Melhor Não Contar de Tatiana Salem Levy
Muitas pessoas já lerem este livro, tal como aconteceu com o Vista Chinesa, e eu fui atrás das massas e também o li. Não tenho nada de negativo a apontar. É uma escrita que me toca, que me envolve, que me faz sentido. Sou admiradora do trabalho de Tatiana Salem Levy, adoro a forma honesta como se debruça sobre as questões que explora, sobre o motivo por que escreve, como a realidade toca a ficção, a memória...Condensa em poucas páginas importantes reflexões. Melhor Não Contaré um favorito.

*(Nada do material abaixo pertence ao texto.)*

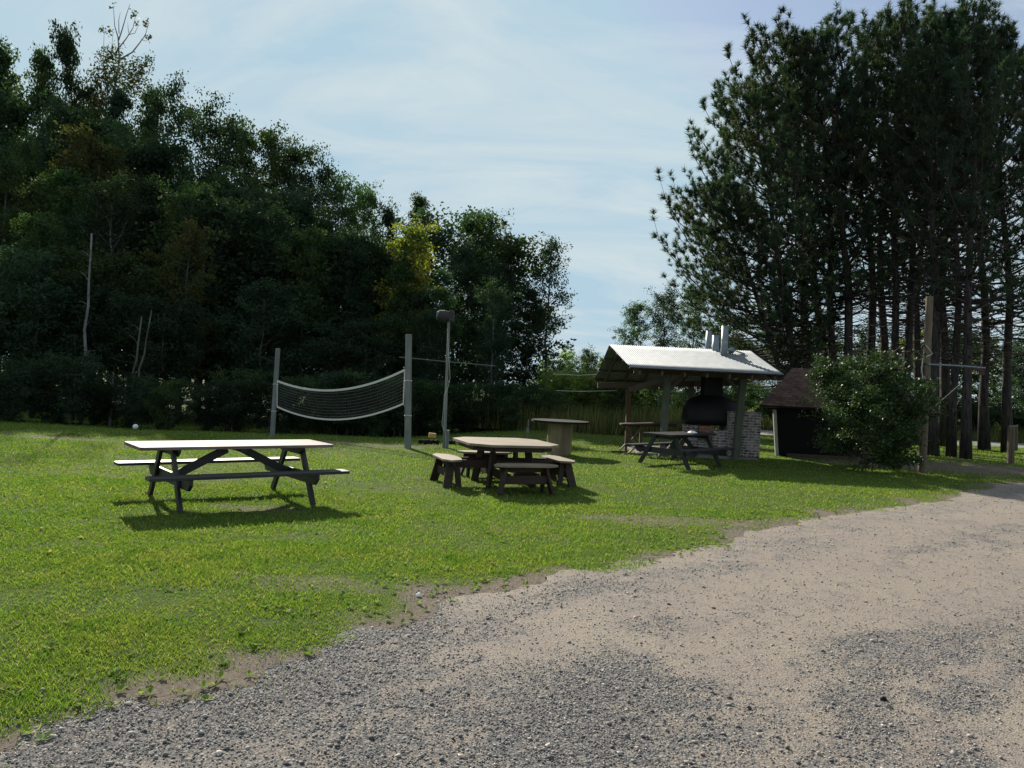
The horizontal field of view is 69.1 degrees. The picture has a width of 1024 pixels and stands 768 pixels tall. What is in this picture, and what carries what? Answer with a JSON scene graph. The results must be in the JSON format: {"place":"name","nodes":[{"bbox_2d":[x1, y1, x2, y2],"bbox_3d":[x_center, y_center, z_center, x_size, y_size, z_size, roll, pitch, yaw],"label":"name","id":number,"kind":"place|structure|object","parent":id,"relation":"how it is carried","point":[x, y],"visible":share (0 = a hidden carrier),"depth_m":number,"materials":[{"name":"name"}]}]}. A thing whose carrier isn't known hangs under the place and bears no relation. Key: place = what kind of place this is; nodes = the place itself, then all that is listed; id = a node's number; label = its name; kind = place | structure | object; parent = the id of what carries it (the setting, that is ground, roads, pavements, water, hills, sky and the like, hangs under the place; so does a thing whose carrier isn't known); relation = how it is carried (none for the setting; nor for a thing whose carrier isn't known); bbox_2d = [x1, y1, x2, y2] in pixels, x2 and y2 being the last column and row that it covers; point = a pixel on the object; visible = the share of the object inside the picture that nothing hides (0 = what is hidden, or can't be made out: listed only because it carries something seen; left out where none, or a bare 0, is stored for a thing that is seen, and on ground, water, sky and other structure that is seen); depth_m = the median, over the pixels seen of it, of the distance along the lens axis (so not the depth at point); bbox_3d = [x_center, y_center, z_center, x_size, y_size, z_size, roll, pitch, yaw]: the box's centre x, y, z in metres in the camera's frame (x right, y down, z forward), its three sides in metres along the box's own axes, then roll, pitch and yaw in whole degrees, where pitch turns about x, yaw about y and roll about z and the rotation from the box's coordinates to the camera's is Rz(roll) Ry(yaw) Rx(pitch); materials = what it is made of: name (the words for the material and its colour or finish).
{"place":"outdoors","nodes":[
{"label":"outdoors","id":0,"kind":"place"},
{"bbox_2d":[0,482,1023,767],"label":"gravel drive","id":1,"kind":"structure","parent":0,"point":[836,564],"depth_m":4.56,"materials":[{"name":"grey gravel"}]},
{"bbox_2d":[0,367,1023,766],"bbox_3d":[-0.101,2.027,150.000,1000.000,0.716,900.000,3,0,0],"label":"lawn","id":2,"kind":"structure","parent":0,"point":[232,675],"depth_m":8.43,"materials":[{"name":"plant"}]},
{"bbox_2d":[0,36,28,142],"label":"aspen tree","id":3,"kind":"object","parent":2,"relation":"on","point":[6,63],"visible":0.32,"depth_m":54.62,"materials":[{"name":"green plant"}]},
{"bbox_2d":[0,80,43,166],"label":"woodland tree","id":4,"kind":"object","parent":2,"relation":"on","point":[19,112],"visible":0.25,"depth_m":52.16,"materials":[{"name":"green plant"}]},
{"bbox_2d":[0,130,55,356],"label":"aspen tree","id":5,"kind":"object","parent":2,"relation":"on","point":[19,150],"visible":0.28,"depth_m":39.64,"materials":[{"name":"green plant"}]},
{"bbox_2d":[0,149,58,340],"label":"aspen tree","id":6,"kind":"object","parent":2,"relation":"on","point":[7,171],"visible":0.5,"depth_m":34.49,"materials":[{"name":"green plant"}]},
{"bbox_2d":[0,347,63,422],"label":"shrub","id":7,"kind":"object","parent":2,"relation":"on","point":[28,378],"visible":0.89,"depth_m":21.48,"materials":[{"name":"green plant"}]},
{"bbox_2d":[0,209,81,416],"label":"birch tree","id":8,"kind":"object","parent":2,"relation":"on","point":[40,228],"visible":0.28,"depth_m":28.77,"materials":[{"name":"green plant"}]},
{"bbox_2d":[21,41,61,144],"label":"aspen tree","id":9,"kind":"object","parent":2,"relation":"on","point":[41,64],"visible":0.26,"depth_m":53.52,"materials":[{"name":"green plant"}]},
{"bbox_2d":[0,127,85,346],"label":"woodland tree","id":10,"kind":"object","parent":2,"relation":"on","point":[47,155],"visible":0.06,"depth_m":42.91,"materials":[{"name":"green plant"}]},
{"bbox_2d":[0,239,107,418],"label":"understory tree","id":11,"kind":"object","parent":2,"relation":"on","point":[15,272],"visible":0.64,"depth_m":26.58,"materials":[{"name":"green plant"}]},
{"bbox_2d":[8,344,119,424],"bbox_3d":[-13.291,0.061,22.087,3.285,2.689,2.411,3,0,-1],"label":"shrub","id":12,"kind":"object","parent":2,"relation":"on","point":[74,406],"visible":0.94,"depth_m":21.90,"materials":[{"name":"green plant"}]},
{"bbox_2d":[31,163,98,402],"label":"aspen tree","id":13,"kind":"object","parent":2,"relation":"on","point":[69,182],"visible":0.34,"depth_m":34.57,"materials":[{"name":"green plant"}]},
{"bbox_2d":[43,18,94,161],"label":"aspen tree","id":14,"kind":"object","parent":2,"relation":"on","point":[66,49],"visible":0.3,"depth_m":54.22,"materials":[{"name":"green plant"}]},
{"bbox_2d":[8,269,134,420],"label":"understory tree","id":15,"kind":"object","parent":2,"relation":"on","point":[82,299],"visible":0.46,"depth_m":26.38,"materials":[{"name":"green plant"}]},
{"bbox_2d":[23,89,130,221],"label":"woodland tree","id":16,"kind":"object","parent":2,"relation":"on","point":[65,112],"visible":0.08,"depth_m":48.20,"materials":[{"name":"green plant"}]},
{"bbox_2d":[21,241,159,420],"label":"understory tree","id":17,"kind":"object","parent":2,"relation":"on","point":[101,265],"visible":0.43,"depth_m":27.40,"materials":[{"name":"green plant"}]},
{"bbox_2d":[34,169,159,406],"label":"birch tree","id":18,"kind":"object","parent":2,"relation":"on","point":[123,206],"visible":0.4,"depth_m":31.72,"materials":[{"name":"green plant"}]},
{"bbox_2d":[40,117,163,338],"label":"aspen tree","id":19,"kind":"object","parent":2,"relation":"on","point":[79,160],"visible":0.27,"depth_m":38.09,"materials":[{"name":"green plant"}]},
{"bbox_2d":[99,78,145,368],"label":"aspen tree","id":20,"kind":"object","parent":2,"relation":"on","point":[118,102],"visible":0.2,"depth_m":50.50,"materials":[{"name":"green plant"}]},
{"bbox_2d":[86,2,159,372],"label":"bare tree","id":21,"kind":"object","parent":2,"relation":"on","point":[116,69],"visible":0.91,"depth_m":55.86,"materials":[{"name":"grey plant"}]},
{"bbox_2d":[83,126,177,402],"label":"woodland tree","id":22,"kind":"object","parent":2,"relation":"on","point":[134,159],"visible":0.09,"depth_m":42.88,"materials":[{"name":"green plant"}]},
{"bbox_2d":[87,366,177,428],"bbox_3d":[-11.453,0.477,22.635,1.854,2.068,2.527,3,0,37],"label":"shrub","id":23,"kind":"object","parent":2,"relation":"on","point":[114,388],"visible":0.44,"depth_m":22.46,"materials":[{"name":"green plant"}]},
{"bbox_2d":[91,287,196,423],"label":"understory tree","id":24,"kind":"object","parent":2,"relation":"on","point":[120,313],"visible":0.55,"depth_m":26.41,"materials":[{"name":"green plant"}]},
{"bbox_2d":[118,173,179,416],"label":"aspen tree","id":25,"kind":"object","parent":2,"relation":"on","point":[148,189],"visible":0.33,"depth_m":33.14,"materials":[{"name":"green plant"}]},
{"bbox_2d":[109,126,203,385],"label":"woodland tree","id":26,"kind":"object","parent":2,"relation":"on","point":[174,151],"visible":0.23,"depth_m":42.84,"materials":[{"name":"green plant"}]},
{"bbox_2d":[110,291,211,403],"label":"understory tree","id":27,"kind":"object","parent":2,"relation":"on","point":[183,314],"visible":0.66,"depth_m":26.73,"materials":[{"name":"green plant"}]},
{"bbox_2d":[128,68,212,364],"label":"birch tree","id":28,"kind":"object","parent":2,"relation":"on","point":[158,109],"visible":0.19,"depth_m":48.76,"materials":[{"name":"green plant"}]},
{"bbox_2d":[137,376,206,430],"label":"shrub","id":29,"kind":"object","parent":2,"relation":"on","point":[161,417],"visible":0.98,"depth_m":21.56,"materials":[{"name":"green plant"}]},
{"bbox_2d":[136,216,229,424],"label":"aspen tree","id":30,"kind":"object","parent":2,"relation":"on","point":[188,240],"visible":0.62,"depth_m":28.66,"materials":[{"name":"green plant"}]},
{"bbox_2d":[115,189,292,421],"bbox_3d":[-13.674,-3.509,33.249,7.284,10.444,8.042,3,0,15],"label":"understory tree","id":31,"kind":"object","parent":2,"relation":"on","point":[160,288],"visible":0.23,"depth_m":31.62,"materials":[{"name":"green plant"}]},
{"bbox_2d":[158,177,258,423],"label":"birch tree","id":32,"kind":"object","parent":2,"relation":"on","point":[196,209],"visible":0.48,"depth_m":30.95,"materials":[{"name":"green plant"}]},
{"bbox_2d":[177,82,271,388],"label":"birch tree","id":33,"kind":"object","parent":2,"relation":"on","point":[216,132],"visible":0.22,"depth_m":44.62,"materials":[{"name":"green plant"}]},
{"bbox_2d":[114,439,349,512],"bbox_3d":[-3.632,1.159,9.670,2.444,0.783,1.789,3,0,-40],"label":"picnic table","id":34,"kind":"object","parent":2,"relation":"on","point":[179,479],"visible":0.96,"depth_m":9.46,"materials":[{"name":"paint"}]},
{"bbox_2d":[137,182,326,399],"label":"understory tree","id":35,"kind":"object","parent":2,"relation":"on","point":[233,210],"visible":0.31,"depth_m":31.22,"materials":[{"name":"green plant"}]},
{"bbox_2d":[194,376,270,431],"bbox_3d":[-8.786,0.611,23.200,1.837,2.049,2.504,3,0,27],"label":"shrub","id":36,"kind":"object","parent":2,"relation":"on","point":[229,406],"visible":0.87,"depth_m":22.76,"materials":[{"name":"green plant"}]},
{"bbox_2d":[202,363,279,431],"bbox_3d":[-8.573,0.470,23.573,2.425,2.212,2.416,3,0,3],"label":"shrub","id":37,"kind":"object","parent":2,"relation":"on","point":[243,375],"visible":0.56,"depth_m":23.38,"materials":[{"name":"green plant"}]},
{"bbox_2d":[194,276,310,428],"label":"understory tree","id":38,"kind":"object","parent":2,"relation":"on","point":[276,315],"visible":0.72,"depth_m":28.31,"materials":[{"name":"green plant"}]},
{"bbox_2d":[216,197,305,423],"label":"birch tree","id":39,"kind":"object","parent":2,"relation":"on","point":[269,221],"visible":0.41,"depth_m":32.38,"materials":[{"name":"green plant"}]},
{"bbox_2d":[218,119,317,195],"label":"aspen tree","id":40,"kind":"object","parent":2,"relation":"on","point":[271,140],"visible":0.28,"depth_m":44.11,"materials":[{"name":"green plant"}]},
{"bbox_2d":[239,178,305,417],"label":"woodland tree","id":41,"kind":"object","parent":2,"relation":"on","point":[260,192],"visible":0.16,"depth_m":36.84,"materials":[{"name":"green plant"}]},
{"bbox_2d":[238,369,312,433],"bbox_3d":[-7.516,0.643,23.628,2.679,2.193,1.966,3,0,22],"label":"shrub","id":42,"kind":"object","parent":2,"relation":"on","point":[259,407],"visible":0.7,"depth_m":23.40,"materials":[{"name":"green plant"}]},
{"bbox_2d":[222,221,359,425],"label":"understory tree","id":43,"kind":"object","parent":2,"relation":"on","point":[314,314],"visible":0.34,"depth_m":32.23,"materials":[{"name":"green plant"}]},
{"bbox_2d":[260,227,338,426],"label":"aspen tree","id":44,"kind":"object","parent":2,"relation":"on","point":[306,262],"visible":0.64,"depth_m":32.28,"materials":[{"name":"green plant"}]},
{"bbox_2d":[269,371,330,433],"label":"shrub","id":45,"kind":"object","parent":2,"relation":"on","point":[305,420],"visible":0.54,"depth_m":24.26,"materials":[{"name":"green plant"}]},
{"bbox_2d":[275,146,351,232],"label":"birch tree","id":46,"kind":"object","parent":2,"relation":"on","point":[327,171],"visible":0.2,"depth_m":43.80,"materials":[{"name":"green plant"}]},
{"bbox_2d":[280,367,378,434],"bbox_3d":[-6.188,0.569,24.842,3.515,2.648,2.579,3,0,-8],"label":"shrub","id":47,"kind":"object","parent":2,"relation":"on","point":[336,422],"visible":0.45,"depth_m":24.47,"materials":[{"name":"green plant"}]},
{"bbox_2d":[294,225,381,375],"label":"birch tree","id":48,"kind":"object","parent":2,"relation":"on","point":[338,309],"visible":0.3,"depth_m":33.05,"materials":[{"name":"green plant"}]},
{"bbox_2d":[303,171,383,330],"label":"aspen tree","id":49,"kind":"object","parent":2,"relation":"on","point":[341,211],"visible":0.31,"depth_m":40.85,"materials":[{"name":"green plant"}]},
{"bbox_2d":[302,362,385,435],"bbox_3d":[-5.651,0.579,24.977,3.305,2.705,2.425,3,0,12],"label":"shrub","id":50,"kind":"object","parent":2,"relation":"on","point":[353,423],"visible":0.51,"depth_m":24.59,"materials":[{"name":"green plant"}]},
{"bbox_2d":[318,222,392,426],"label":"woodland tree","id":51,"kind":"object","parent":2,"relation":"on","point":[361,241],"visible":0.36,"depth_m":32.87,"materials":[{"name":"green plant"}]},
{"bbox_2d":[344,232,397,378],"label":"woodland tree","id":52,"kind":"object","parent":2,"relation":"on","point":[373,259],"visible":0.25,"depth_m":33.25,"materials":[{"name":"green plant"}]},
{"bbox_2d":[370,245,425,377],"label":"woodland tree","id":53,"kind":"object","parent":2,"relation":"on","point":[401,270],"visible":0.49,"depth_m":31.88,"materials":[{"name":"green plant"}]},
{"bbox_2d":[368,373,430,436],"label":"shrub","id":54,"kind":"object","parent":2,"relation":"on","point":[398,414],"visible":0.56,"depth_m":25.21,"materials":[{"name":"green plant"}]},
{"bbox_2d":[357,307,448,397],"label":"understory tree","id":55,"kind":"object","parent":2,"relation":"on","point":[409,328],"visible":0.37,"depth_m":30.31,"materials":[{"name":"green plant"}]},
{"bbox_2d":[370,213,445,430],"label":"yellow birch tree","id":56,"kind":"object","parent":2,"relation":"on","point":[414,240],"visible":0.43,"depth_m":32.63,"materials":[{"name":"green plant"}]},
{"bbox_2d":[404,334,411,447],"bbox_3d":[-2.538,0.202,18.200,0.284,2.839,0.183,3,0,0],"label":"net post","id":57,"kind":"object","parent":2,"relation":"on","point":[408,384],"visible":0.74,"depth_m":18.13,"materials":[{"name":"grey metal"}]},
{"bbox_2d":[276,369,404,419],"bbox_3d":[-4.551,0.255,19.511,4.887,1.443,0.126,3,0,32],"label":"volleyball net","id":58,"kind":"object","parent":57,"relation":"attached to","point":[349,388],"visible":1,"depth_m":19.39,"materials":[{"name":"grey fabric"}]},
{"bbox_2d":[0,462,857,739],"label":"weeds","id":59,"kind":"object","parent":2,"relation":"on","point":[118,687],"visible":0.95,"depth_m":5.41,"materials":[{"name":"green plant"}]},
{"bbox_2d":[408,303,451,391],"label":"woodland tree","id":60,"kind":"object","parent":2,"relation":"on","point":[426,330],"visible":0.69,"depth_m":29.04,"materials":[{"name":"green plant"}]},
{"bbox_2d":[384,288,477,386],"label":"understory tree","id":61,"kind":"object","parent":2,"relation":"on","point":[417,301],"visible":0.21,"depth_m":31.79,"materials":[{"name":"green plant"}]},
{"bbox_2d":[416,284,465,432],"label":"birch tree","id":62,"kind":"object","parent":2,"relation":"on","point":[444,297],"visible":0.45,"depth_m":30.95,"materials":[{"name":"green plant"}]},
{"bbox_2d":[423,372,486,434],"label":"shrub","id":63,"kind":"object","parent":2,"relation":"on","point":[456,411],"visible":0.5,"depth_m":26.93,"materials":[{"name":"green plant"}]},
{"bbox_2d":[432,232,483,384],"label":"birch tree","id":64,"kind":"object","parent":2,"relation":"on","point":[462,254],"visible":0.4,"depth_m":36.51,"materials":[{"name":"green plant"}]},
{"bbox_2d":[392,201,529,395],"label":"understory tree","id":65,"kind":"object","parent":2,"relation":"on","point":[440,238],"visible":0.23,"depth_m":39.40,"materials":[{"name":"green plant"}]},
{"bbox_2d":[451,246,525,383],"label":"birch tree","id":66,"kind":"object","parent":2,"relation":"on","point":[498,268],"visible":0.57,"depth_m":35.10,"materials":[{"name":"green plant"}]},
{"bbox_2d":[467,275,522,391],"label":"birch tree","id":67,"kind":"object","parent":2,"relation":"on","point":[495,309],"visible":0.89,"depth_m":31.17,"materials":[{"name":"green plant"}]},
{"bbox_2d":[429,210,576,387],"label":"understory tree","id":68,"kind":"object","parent":2,"relation":"on","point":[526,254],"visible":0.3,"depth_m":37.90,"materials":[{"name":"green plant"}]},
{"bbox_2d":[430,437,576,494],"bbox_3d":[-0.137,1.344,12.600,2.336,0.751,2.336,3,0,-20],"label":"octagonal picnic table","id":69,"kind":"object","parent":2,"relation":"on","point":[488,456],"visible":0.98,"depth_m":12.17,"materials":[{"name":"brown wood"}]},
{"bbox_2d":[470,235,540,382],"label":"birch tree","id":70,"kind":"object","parent":2,"relation":"on","point":[502,247],"visible":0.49,"depth_m":36.37,"materials":[{"name":"green plant"}]},
{"bbox_2d":[508,285,558,387],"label":"aspen tree","id":71,"kind":"object","parent":2,"relation":"on","point":[529,367],"visible":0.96,"depth_m":33.73,"materials":[{"name":"green plant"}]},
{"bbox_2d":[511,231,579,403],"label":"sparse birch tree","id":72,"kind":"object","parent":2,"relation":"on","point":[548,253],"visible":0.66,"depth_m":36.42,"materials":[{"name":"green plant"}]},
{"bbox_2d":[532,418,588,455],"bbox_3d":[1.188,1.336,18.600,1.440,0.850,1.434,3,0,-17],"label":"cable spool table","id":73,"kind":"object","parent":2,"relation":"on","point":[559,432],"visible":1,"depth_m":18.32,"materials":[{"name":"brown wood"}]},
{"bbox_2d":[607,299,662,345],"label":"birch tree","id":74,"kind":"object","parent":2,"relation":"on","point":[634,312],"visible":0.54,"depth_m":35.82,"materials":[{"name":"green plant"}]},
{"bbox_2d":[637,283,693,408],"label":"birch tree","id":75,"kind":"object","parent":2,"relation":"on","point":[663,342],"visible":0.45,"depth_m":37.78,"materials":[{"name":"green plant"}]},
{"bbox_2d":[625,431,734,469],"bbox_3d":[3.948,1.536,17.400,1.687,0.782,2.100,3,0,44],"label":"picnic table","id":76,"kind":"object","parent":2,"relation":"on","point":[675,447],"visible":0.93,"depth_m":17.16,"materials":[{"name":"paint"}]},
{"bbox_2d":[594,326,783,459],"bbox_3d":[4.699,0.164,20.902,4.452,3.605,4.808,3,0,0],"label":"picnic shelter","id":77,"kind":"object","parent":2,"relation":"on","point":[631,368],"visible":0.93,"depth_m":19.76,"materials":[{"name":"metal"}]},
{"bbox_2d":[681,377,761,456],"bbox_3d":[5.702,0.706,20.562,1.920,2.420,1.475,3,0,0],"label":"brick barbecue","id":78,"kind":"object","parent":77,"relation":"on","point":[710,404],"visible":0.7,"depth_m":20.10,"materials":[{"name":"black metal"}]},
{"bbox_2d":[439,392,1023,443],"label":"brush","id":79,"kind":"object","parent":2,"relation":"on","point":[600,422],"visible":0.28,"depth_m":27.91,"materials":[{"name":"green plant"}]},
{"bbox_2d":[654,175,811,404],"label":"pine tree","id":80,"kind":"object","parent":2,"relation":"on","point":[707,203],"visible":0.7,"depth_m":26.64,"materials":[{"name":"green plant"}]},
{"bbox_2d":[647,64,843,387],"bbox_3d":[8.649,-4.628,26.779,7.014,13.639,6.788,3,0,25],"label":"pine tree","id":81,"kind":"object","parent":2,"relation":"on","point":[760,97],"visible":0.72,"depth_m":26.52,"materials":[{"name":"green plant"}]},
{"bbox_2d":[651,5,867,368],"bbox_3d":[9.417,-6.061,28.245,7.600,16.538,7.416,3,0,-45],"label":"pine tree","id":82,"kind":"object","parent":2,"relation":"on","point":[788,43],"visible":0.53,"depth_m":27.35,"materials":[{"name":"green plant"}]},
{"bbox_2d":[765,26,913,365],"bbox_3d":[11.827,-5.645,28.071,5.160,15.979,5.516,-3,0,-10],"label":"pine tree","id":83,"kind":"object","parent":2,"relation":"on","point":[823,135],"visible":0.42,"depth_m":27.07,"materials":[{"name":"green plant"}]},
{"bbox_2d":[774,0,920,370],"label":"pine tree","id":84,"kind":"object","parent":2,"relation":"on","point":[847,312],"visible":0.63,"depth_m":26.98,"materials":[{"name":"green plant"}]},
{"bbox_2d":[760,368,942,460],"bbox_3d":[9.583,0.885,22.700,5.170,2.650,3.400,3,0,0],"label":"shingled hut","id":85,"kind":"object","parent":2,"relation":"on","point":[793,435],"visible":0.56,"depth_m":21.46,"materials":[{"name":"brown wood"}]},
{"bbox_2d":[806,6,941,362],"bbox_3d":[13.716,-6.075,29.051,5.347,16.968,5.105,3,0,11],"label":"pine tree","id":86,"kind":"object","parent":2,"relation":"on","point":[863,256],"visible":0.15,"depth_m":28.52,"materials":[{"name":"green plant"}]},
{"bbox_2d":[795,342,956,471],"bbox_3d":[9.016,0.612,18.143,3.820,3.135,3.347,3,0,-13],"label":"bush","id":87,"kind":"object","parent":2,"relation":"on","point":[870,386],"visible":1,"depth_m":17.84,"materials":[{"name":"green plant"}]},
{"bbox_2d":[821,12,948,366],"bbox_3d":[15.004,-6.255,30.076,5.188,17.476,5.197,1,0,27],"label":"pine tree","id":88,"kind":"object","parent":2,"relation":"on","point":[884,345],"visible":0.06,"depth_m":29.81,"materials":[{"name":"green plant"}]},
{"bbox_2d":[811,0,977,441],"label":"pine tree","id":89,"kind":"object","parent":2,"relation":"on","point":[882,59],"visible":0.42,"depth_m":26.76,"materials":[{"name":"green plant"}]},
{"bbox_2d":[842,0,982,446],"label":"pine tree","id":90,"kind":"object","parent":2,"relation":"on","point":[895,96],"visible":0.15,"depth_m":28.42,"materials":[{"name":"green plant"}]},
{"bbox_2d":[858,1,1015,455],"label":"pine tree","id":91,"kind":"object","parent":2,"relation":"on","point":[933,448],"visible":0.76,"depth_m":24.81,"materials":[{"name":"green plant"}]},
{"bbox_2d":[917,296,985,472],"bbox_3d":[10.952,0.073,18.546,1.609,4.462,0.305,3,0,0],"label":"wooden post","id":92,"kind":"object","parent":2,"relation":"on","point":[925,370],"visible":0.78,"depth_m":18.52,"materials":[{"name":"wood"}]},
{"bbox_2d":[887,4,1018,456],"bbox_3d":[14.870,-5.125,25.113,3.834,15.206,3.754,3,0,43],"label":"pine tree","id":93,"kind":"object","parent":2,"relation":"on","point":[951,444],"visible":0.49,"depth_m":24.80,"materials":[{"name":"green plant"}]},
{"bbox_2d":[887,4,1021,446],"bbox_3d":[18.174,-6.391,31.077,5.909,18.066,5.899,1,0,2],"label":"pine tree","id":94,"kind":"object","parent":2,"relation":"on","point":[945,380],"visible":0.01,"depth_m":30.84,"materials":[{"name":"green plant"}]},
{"bbox_2d":[890,0,1023,458],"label":"pine tree","id":95,"kind":"object","parent":2,"relation":"on","point":[965,437],"visible":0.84,"depth_m":24.12,"materials":[{"name":"green plant"}]},
{"bbox_2d":[922,0,1023,449],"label":"pine tree","id":96,"kind":"object","parent":2,"relation":"on","point":[983,439],"visible":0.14,"depth_m":29.83,"materials":[{"name":"green plant"}]},
{"bbox_2d":[938,17,1023,452],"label":"pine tree","id":97,"kind":"object","parent":2,"relation":"on","point":[1006,412],"visible":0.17,"depth_m":28.83,"materials":[{"name":"green plant"}]},
{"bbox_2d":[958,48,1023,372],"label":"pine tree","id":98,"kind":"object","parent":2,"relation":"on","point":[1020,91],"visible":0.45,"depth_m":27.22,"materials":[{"name":"green plant"}]},
{"bbox_2d":[0,0,1023,411],"label":"sky","id":99,"kind":"structure","parent":0,"point":[560,113],"materials":[{"name":"blue"}]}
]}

A Liberdade É Uma Luta Constante de Angela Davis
Evito ler certos livros pelo simples facto de não acrescentarem grande informação ao que já sei sobre determinado tópico, principalmente quando não existe desafio ou novidade. Estou a ler e a comprovar ideias que já tenho ou conheço. É uma perda da tempo. Não desfazendo, claro, a relevância de determinado escritor ou obra. Não me faz sentido ler uma repetição a cada página das mesmas questões e problemáticas, pois já contactei com tal realidade no passado. Assim, este livro implicou um esforço da minha parte. A Liberdade é Uma Luta Constante é acessível e fácil de acompanhar, aborda temas muito importantes como o capitalismo, o racismo, a causa palestiniana e pode servir de porta de entrada para quem começa a explorar o registo dos activistas destas causas, as suas intervenções e observações sociais.
Não me apetece nada escrever a minha opinião sobre este livro nem tão pouco fazer o esforço de me recordar da história. Que li, li. Não sei bem o motivo para não o ter abandonado mas alguma coisa me fez ir de uma página para a outra. Lá fui lendo até o terminar. O que retive? Nada de especial. Uma leitura que se apagou da memória. Sendo uma obra cuja base é exactamente a memória e como ela funciona (ou não) tem a sua piada. É um livro que encaixa na categoria "desculpa baby, não és tu, sou eu".
Modos que deixo antes alguns artigos interessantes (quiçá o que se diz sobre o livro seja mais interessante do que o livro em si, o que para mim é sem dúvida fascinante).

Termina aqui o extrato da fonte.